Medical management involves drain placement, parenteral or enteral nutrition, high doses of proton pump inhibitors, broad spectrum antibiotics, use of biological glues, and placement of fully covered stents. The use of endoscopic stents in the management of gastric leaks has gained popularity due to minimal invasiveness, early enteral nutrition initiation, shorter hospital stay, cost effectiveness, and controlling local infection with stent placement. The success rate of gastric leak closure ranges from 50 to 83% [2, 8, 9]. Complications of stent insertion include early removal of the stent due to stent migration, bleeding, and obstruction due to kinking of the proximal portion of the stent [9]. Stent migration is the main drawback of the technique requiring stent removal. Partially covered stents were used initially.
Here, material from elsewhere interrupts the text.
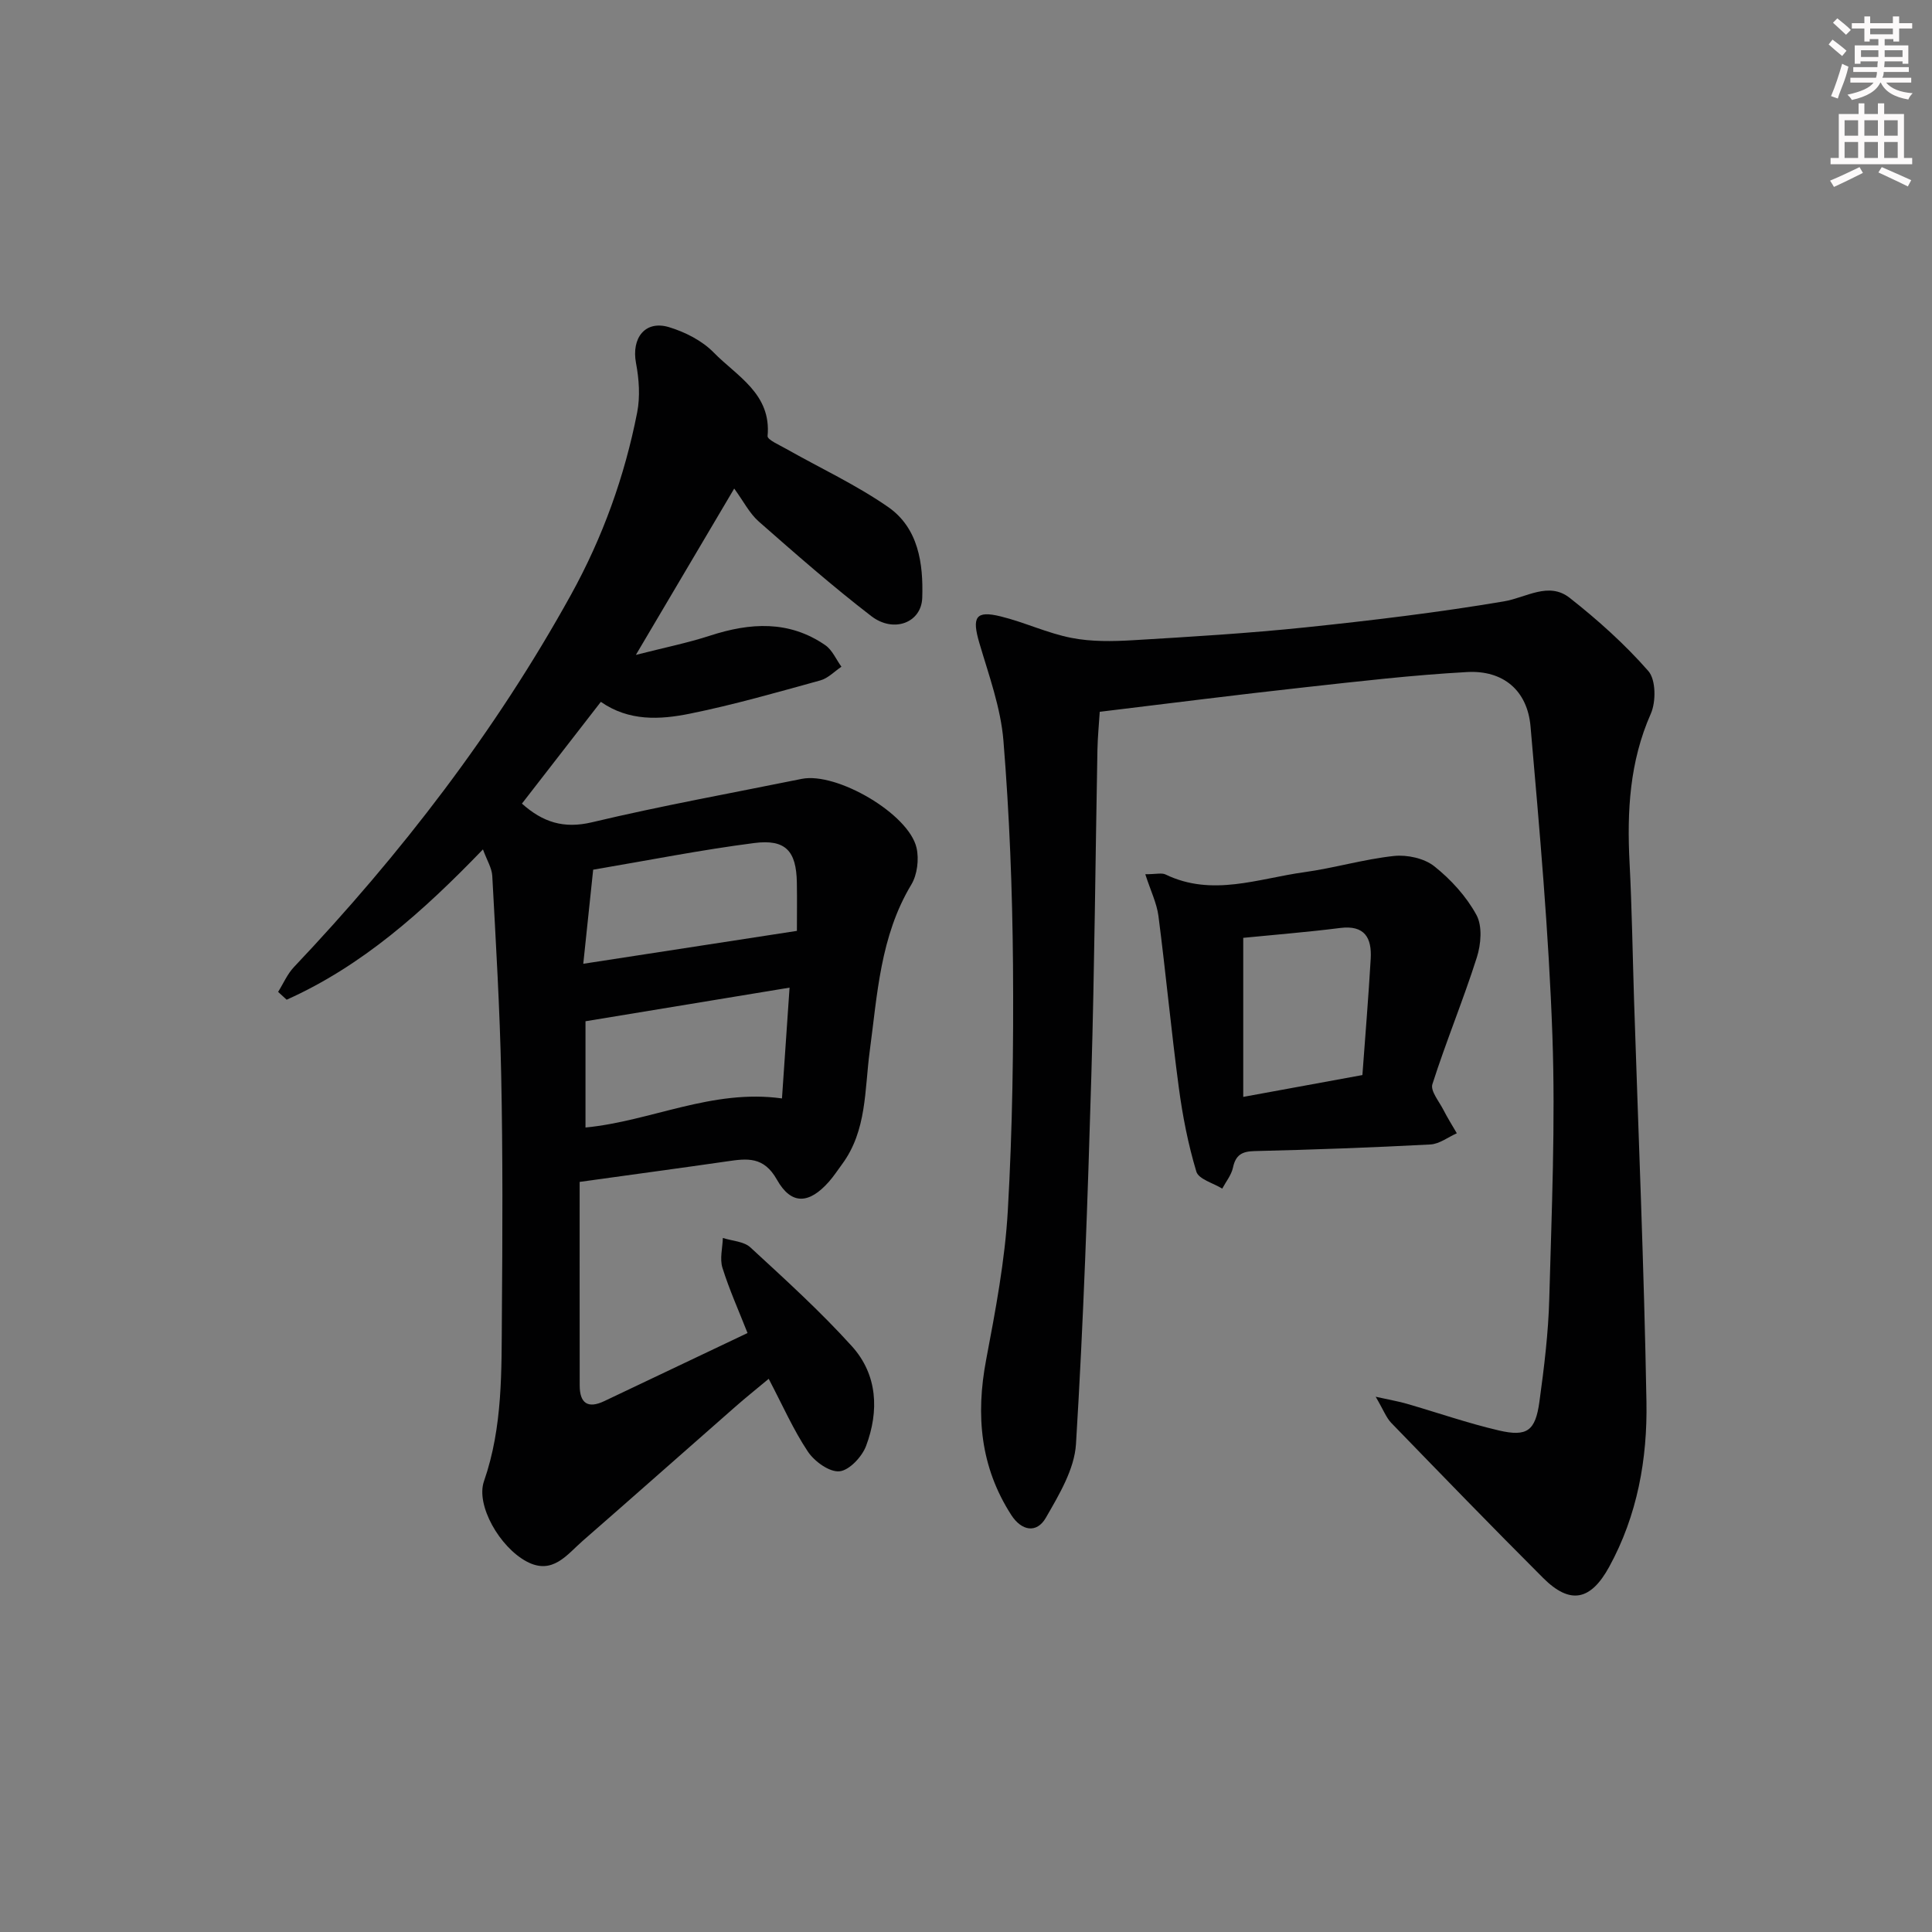 <svg enable-background="new 0 0 400 400" viewBox="0 0 400 400" xmlns="http://www.w3.org/2000/svg"><rect x="0" y="0" width="400" height="400" fill="#808080" stroke="none"/><g fill="#010102"><path d="m120.01 244.7c0 13.95-.01 28.04.01 42.14 0 3.7 1.7 4.86 5.1 3.24 9.74-4.62 19.47-9.25 29.65-14.09-1.84-4.67-3.79-9.01-5.2-13.52-.58-1.86.02-4.1.09-6.16 1.92.62 4.34.7 5.69 1.94 7.19 6.63 14.48 13.23 21.03 20.48 5.32 5.89 5.65 13.4 2.93 20.64-.84 2.24-3.49 5.07-5.52 5.25-2.08.19-5.16-2.04-6.52-4.07-3.02-4.52-5.23-9.58-8.12-15.08-2.57 2.14-4.83 3.95-7 5.86-10.51 9.22-20.97 18.5-31.51 27.69-3.28 2.87-6.24 7.12-11.58 4.29-5.62-2.98-10.58-11.69-8.86-16.63 3.92-11.27 3.62-22.91 3.71-34.51.13-16.49.2-32.99-.14-49.48-.28-13.79-1.11-27.57-1.85-41.34-.09-1.65-1.11-3.24-1.93-5.49-12.42 12.89-25.02 24.12-40.64 31.12-.59-.54-1.18-1.08-1.77-1.62 1.08-1.72 1.9-3.68 3.26-5.12 22.18-23.43 41.73-48.8 57.37-77.09 6.56-11.87 11.11-24.49 13.71-37.76.64-3.27.39-6.89-.24-10.21-.98-5.19 1.88-8.93 6.82-7.45 3.34 1.01 6.87 2.8 9.27 5.26 4.8 4.91 11.96 8.53 11.15 17.29-.07.76 2.45 1.85 3.85 2.65 7.05 3.99 14.48 7.44 21.11 12.04 6.27 4.36 7.3 11.7 7.06 18.81-.17 5.14-5.91 7.35-10.55 3.78-8.03-6.18-15.67-12.88-23.28-19.57-1.94-1.7-3.17-4.2-5.1-6.84-7.21 12.2-13.43 22.71-20.36 34.44 5.91-1.51 10.73-2.48 15.37-3.99 8.3-2.7 16.34-3.2 23.85 1.98 1.45 1 2.24 2.95 3.34 4.46-1.45.97-2.77 2.39-4.37 2.83-8.96 2.47-17.92 5.05-27.02 6.89-6.17 1.25-12.6 1.61-18.42-2.45-5.51 7.1-10.87 14.01-16.34 21.07 4.31 3.84 8.62 5.26 14.52 3.86 14.37-3.42 28.92-6.04 43.4-8.98 7.23-1.47 22.18 7.23 23.78 14.28.54 2.37.15 5.57-1.09 7.62-6.43 10.69-7.02 22.69-8.61 34.53-1.07 7.97-.56 16.39-5.74 23.38-.89 1.2-1.71 2.47-2.7 3.59-4.09 4.63-7.78 4.88-10.76-.41-2.72-4.85-6.15-4.42-10.35-3.8-9.55 1.38-19.1 2.66-30.5 4.25zm41.89-17.28c.52-7.53 1.02-14.86 1.57-22.94-14.58 2.4-28.38 4.67-42.25 6.96v22c13.61-1.32 26.22-8.04 40.68-6.02zm3.09-34.69c0-3.07.05-6.53-.01-10-.11-6.52-2.3-9.03-8.82-8.19-10.97 1.41-21.85 3.57-33.35 5.52-.66 6.31-1.31 12.43-2.05 19.48 15.25-2.34 29.27-4.5 44.23-6.81z"/><path d="m227.69 147.37c-.17 2.68-.43 5.31-.48 7.94-.42 22.47-.6 44.95-1.26 67.41-.75 25.43-1.62 50.87-3.18 76.26-.32 5.22-3.51 10.51-6.24 15.26-1.89 3.29-5.03 2.73-7.16-.58-6.4-9.93-7.37-20.64-5.21-32.08 1.94-10.25 3.91-20.6 4.5-30.98.97-16.94 1.2-33.94 1.07-50.91-.13-15.46-.73-30.94-1.98-46.34-.56-6.84-3.03-13.57-4.99-20.24-1.57-5.35-.77-6.77 4.42-5.49 4.95 1.21 9.67 3.48 14.66 4.45 4.13.81 8.51.73 12.74.48 11.94-.71 23.9-1.43 35.8-2.67 13.7-1.43 27.41-3.08 40.98-5.37 4.65-.78 9.27-4.16 13.64-.72 5.82 4.58 11.41 9.59 16.27 15.14 1.57 1.79 1.61 6.34.52 8.82-4.4 9.94-4.95 20.21-4.41 30.79.49 9.47.63 18.95.93 28.43.9 27.75 2.08 55.5 2.57 83.26.21 11.84-1.88 23.51-7.71 34.16-3.85 7.03-8.11 7.88-13.7 2.29-10.59-10.58-21-21.33-31.42-32.08-1.05-1.09-1.61-2.66-3.23-5.42 3.18.71 4.84.98 6.43 1.45 6.36 1.84 12.64 4.03 19.07 5.53 5.85 1.36 7.57.09 8.4-5.95.97-7.07 1.85-14.2 2.04-21.33.49-18.13 1.29-36.29.65-54.39-.75-21.39-2.67-42.76-4.53-64.09-.65-7.46-5.66-11.67-13.13-11.26-11.27.62-22.5 1.93-33.72 3.17-14.03 1.54-28.02 3.33-42.34 5.06z"/><path d="m237.12 181c2.27 0 3.4-.33 4.19.05 9.66 4.67 19.19.84 28.71-.47 6.23-.86 12.34-2.69 18.59-3.36 2.73-.29 6.26.48 8.34 2.13 3.45 2.74 6.64 6.24 8.73 10.08 1.26 2.3.95 6.09.08 8.8-2.81 8.83-6.38 17.42-9.2 26.25-.44 1.39 1.39 3.55 2.28 5.3.85 1.66 1.84 3.24 2.78 4.85-1.82.81-3.61 2.22-5.47 2.32-12.13.64-24.27 1.08-36.42 1.37-2.62.06-3.9.82-4.46 3.43-.33 1.54-1.45 2.9-2.22 4.34-1.86-1.15-4.89-1.95-5.36-3.52-1.7-5.66-2.85-11.53-3.63-17.4-1.58-11.83-2.69-23.72-4.22-35.55-.35-2.64-1.61-5.19-2.72-8.62zm44.95 41.58c.6-8.19 1.26-16.13 1.72-24.07.25-4.31-1.22-7.03-6.34-6.38-6.69.85-13.42 1.38-20.05 2.04v32.93c8.23-1.51 16.05-2.94 24.67-4.52z"/></g><path d="m378.6 9.2.8-1c.9.7 1.9 1.4 2.9 2.3l-.9 1.1c-1.1-.9-2-1.7-2.8-2.4zm.5 10.7c.9-2.1 1.6-4.3 2.3-6.7.4.2.8.4 1.3.6-.7 3.1-1.5 4.3-2.2 6.6zm.4-15.2.9-.9c1 .8 2 1.6 2.8 2.4l-1 1c-1-.9-1.9-1.8-2.7-2.5zm12.5-1.3h1.2v1.4h2.7v1.1h-2.7v2.7h-1.2v-.5h-1.8v1.3h4.9v3.8h-1.2v-.5h-3.7c0 .4-.1.9-.1 1.2h5.1v1h-5.2c0 .5-.1.9-.3 1.2h6v1h-5.2c1.1 1.3 2.9 2 5.5 2.2-.4.4-.7.8-.9 1.3-2.9-.5-4.8-1.6-5.7-3.5h-.1c-.8 1.7-2.7 2.9-5.9 3.6-.2-.4-.6-.8-.9-1.1 2.8-.6 4.6-1.4 5.4-2.5h-4.8v-1h5.3c.1-.3.2-.7.2-1.2h-4.9v-1h5c0-.4 0-.8.1-1.2h-3.6v.5h-1.2v-3.8h4.9v-1.3h-1.8v.5h-1.1v-2.7h-2.6v-1.1h2.6v-1.4h1.2v1.4h4.7v-1.4zm-6.7 8.4h3.6c0-.4 0-.9 0-1.4h-3.6zm1.9-4.7h4.7v-1.2h-4.7zm6.7 3.3h-3.7v1.4h3.7z" fill="#fcfafa"/><path d="m384.7 21.4h1.3v2.2h2.8v-2.2h1.3v2.2h4.1v9.1h1.7v1.3h-16.9v-1.3h1.7v-9.1h4.1v-2.2zm.3 13.2.7 1.2c-1.8.9-3.8 1.9-6 2.9-.2-.4-.5-.8-.8-1.3 2.4-1 4.4-2 6.1-2.8zm-3.1-6.5h2.8v-3.2h-2.8zm0 4.6h2.8v-3.3h-2.8v3.2zm4.1-4.6h2.8v-3.2h-2.8zm0 4.6h2.8v-3.3h-2.8zm3.6 1.9c2.1.9 4.1 1.8 6.1 2.7l-.7 1.3c-2.2-1.1-4.2-2-6.1-2.9zm3.3-9.7h-2.8v3.2h2.8zm-2.8 7.8h2.8v-3.3h-2.8z" fill="#fcfafa"/></svg>

Complications of partially covered stent placement include the following: difficulty of stent removal or even impossibility to remove, additional endoscopy required to remove the stent in case of initial failure by placing another stent to facilitate stent removal, the need of dilation in 20% of the cases due to tissue ingrowth. Fully covered metal stents have the advantage of removal with one procedure but at the expense of a higher migration rate [3, 12].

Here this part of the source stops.